For many patients, getting an accurate and early diagnosis of inflammatory bowel disease (IBD)—Crohn’s disease or ulcerative colitis – has been a story of time, frustration, discomfort, cost and continued damage to internal organs. I want to share a story I heard about an all-too common journey.
Susan is 38 and lives with Crohn’s, and her life has been dramatically altered by this disease.
Two years ago, Susan was working 60-hour weeks, traveling and leading a very active lifestyle. Slowly, over the course of a few months, she noticed that her energy levels weren’t as high as they once were. She couldn’t exercise at the gym and she was sick 24/7 with vomiting and diarrhea—nothing stayed down. A week of that was enough to send her seeking medical attention. That’s when the painful and time-consuming odyssey began.
The struggle to diagnose
Susan visited her primary care physician and was diagnosed with a bacterial infection and prescribed antibiotics. Unfortunately, this didn’t address her symptoms.
Unable to bear these symptoms any longer, Susan visited an Urgent Care center where the doctor told her that her body was rejecting the antibiotics and instructed her to stop taking them. He referred her immediately to a gastroenterologist. Recognizing the severity of her symptoms, Susan’s provider used an existing relationship to bypass the long wait of a possible three months or more to meet a specialist, and she was seen immediately.
After many physician visits, endless tests and no relief or answers, Susan had to take short-term disability. She was unable to work due to fatigue and the constant onslaught on her body. After six weeks, she was losing weight, fatigued and still unable to work. Seeking a second opinion, the next gastroenterologist ordered a series of tests, including a CT scan and colonoscopy, which finally led to a Crohn’s disease diagnosis and medication to ease her symptoms.
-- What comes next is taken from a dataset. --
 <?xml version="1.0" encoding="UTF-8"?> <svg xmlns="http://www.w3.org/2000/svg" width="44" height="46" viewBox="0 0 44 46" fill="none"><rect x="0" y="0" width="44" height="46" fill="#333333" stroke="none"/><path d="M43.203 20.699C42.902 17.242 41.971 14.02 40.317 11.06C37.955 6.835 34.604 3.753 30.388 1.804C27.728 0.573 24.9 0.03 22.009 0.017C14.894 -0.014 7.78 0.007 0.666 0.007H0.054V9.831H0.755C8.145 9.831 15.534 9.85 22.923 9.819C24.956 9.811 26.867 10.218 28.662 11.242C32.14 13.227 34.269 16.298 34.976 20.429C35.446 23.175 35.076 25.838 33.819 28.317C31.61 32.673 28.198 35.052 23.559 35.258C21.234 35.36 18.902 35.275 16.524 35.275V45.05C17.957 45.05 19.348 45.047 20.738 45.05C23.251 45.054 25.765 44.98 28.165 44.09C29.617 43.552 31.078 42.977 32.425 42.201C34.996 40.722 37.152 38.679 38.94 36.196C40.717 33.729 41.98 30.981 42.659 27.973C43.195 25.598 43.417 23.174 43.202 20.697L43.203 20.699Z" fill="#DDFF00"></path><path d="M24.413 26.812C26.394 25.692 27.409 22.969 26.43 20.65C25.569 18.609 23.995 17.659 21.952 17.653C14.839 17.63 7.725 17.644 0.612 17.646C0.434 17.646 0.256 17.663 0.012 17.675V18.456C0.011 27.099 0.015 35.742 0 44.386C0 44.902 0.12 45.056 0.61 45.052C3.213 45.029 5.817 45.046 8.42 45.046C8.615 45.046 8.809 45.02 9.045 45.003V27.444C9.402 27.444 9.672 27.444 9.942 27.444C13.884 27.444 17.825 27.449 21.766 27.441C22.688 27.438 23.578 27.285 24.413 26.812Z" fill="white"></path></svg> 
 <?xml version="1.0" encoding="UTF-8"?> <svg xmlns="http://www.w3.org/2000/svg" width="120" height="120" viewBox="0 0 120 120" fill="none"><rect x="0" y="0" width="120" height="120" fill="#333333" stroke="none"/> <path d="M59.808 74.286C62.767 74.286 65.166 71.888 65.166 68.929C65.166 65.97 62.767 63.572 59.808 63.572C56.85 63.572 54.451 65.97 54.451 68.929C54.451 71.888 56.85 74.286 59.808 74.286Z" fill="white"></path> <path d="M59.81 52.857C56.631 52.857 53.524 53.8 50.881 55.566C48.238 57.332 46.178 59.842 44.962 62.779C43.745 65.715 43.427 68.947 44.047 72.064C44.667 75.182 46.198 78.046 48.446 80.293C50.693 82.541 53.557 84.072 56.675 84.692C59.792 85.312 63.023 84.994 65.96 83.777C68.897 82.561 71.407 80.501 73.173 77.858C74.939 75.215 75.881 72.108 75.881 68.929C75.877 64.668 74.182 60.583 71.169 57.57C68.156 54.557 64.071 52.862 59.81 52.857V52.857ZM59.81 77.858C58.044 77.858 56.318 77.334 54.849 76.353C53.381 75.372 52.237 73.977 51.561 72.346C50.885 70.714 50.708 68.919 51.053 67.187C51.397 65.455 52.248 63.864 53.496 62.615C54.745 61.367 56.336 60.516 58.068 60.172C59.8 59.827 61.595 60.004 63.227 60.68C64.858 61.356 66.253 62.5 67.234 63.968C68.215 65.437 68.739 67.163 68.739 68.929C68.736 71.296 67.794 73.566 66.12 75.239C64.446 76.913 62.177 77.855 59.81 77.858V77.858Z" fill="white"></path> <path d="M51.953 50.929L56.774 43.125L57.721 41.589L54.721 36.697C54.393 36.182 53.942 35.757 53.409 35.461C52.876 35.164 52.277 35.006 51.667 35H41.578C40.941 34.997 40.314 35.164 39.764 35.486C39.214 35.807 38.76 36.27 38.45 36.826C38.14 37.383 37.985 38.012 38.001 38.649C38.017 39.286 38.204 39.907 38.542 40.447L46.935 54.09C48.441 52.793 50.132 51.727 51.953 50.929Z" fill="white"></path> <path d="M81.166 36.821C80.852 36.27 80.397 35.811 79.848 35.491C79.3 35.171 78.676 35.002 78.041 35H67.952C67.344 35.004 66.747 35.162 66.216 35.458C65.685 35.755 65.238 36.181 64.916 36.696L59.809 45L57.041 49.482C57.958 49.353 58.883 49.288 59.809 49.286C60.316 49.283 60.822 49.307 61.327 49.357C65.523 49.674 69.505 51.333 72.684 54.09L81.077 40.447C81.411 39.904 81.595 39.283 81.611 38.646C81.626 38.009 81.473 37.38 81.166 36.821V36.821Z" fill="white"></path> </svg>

The new test to improve diagnosis
Today, life is better. Susan is in remission, but still not living as she had before she was diagnosed. She also loses one day of work every eight weeks when she receives a drug infusion to keep her disease at bay.
I asked Susan what she would say if she could have had a blood test that would have told her doctor at the onset of this journey that she had Crohn’s. Susan explained that the diagnostic confusion and period of “not knowing” was the most difficult aspect emotionally—not to mention that her disease wasn’t being properly controlled, forcing her to miss out on work and life opportunities. For Susan, a blood test could have led her down the right treatment path more quickly.
Today, there is a new RNA blood test that is more than 90 percent accurate at the earliest sign of symptoms, can identify irritable bowel syndrome (IBS) versus IBD and detect Crohn’s versus ulcerative colitis. This groundbreaking diagnostic tool can end the waiting and suffering many patients endure when seeking an accurate diagnosis. The promise of changing Susan’s story and the stories of so many others facing a similar diagnosis is the reason we get up in the morning.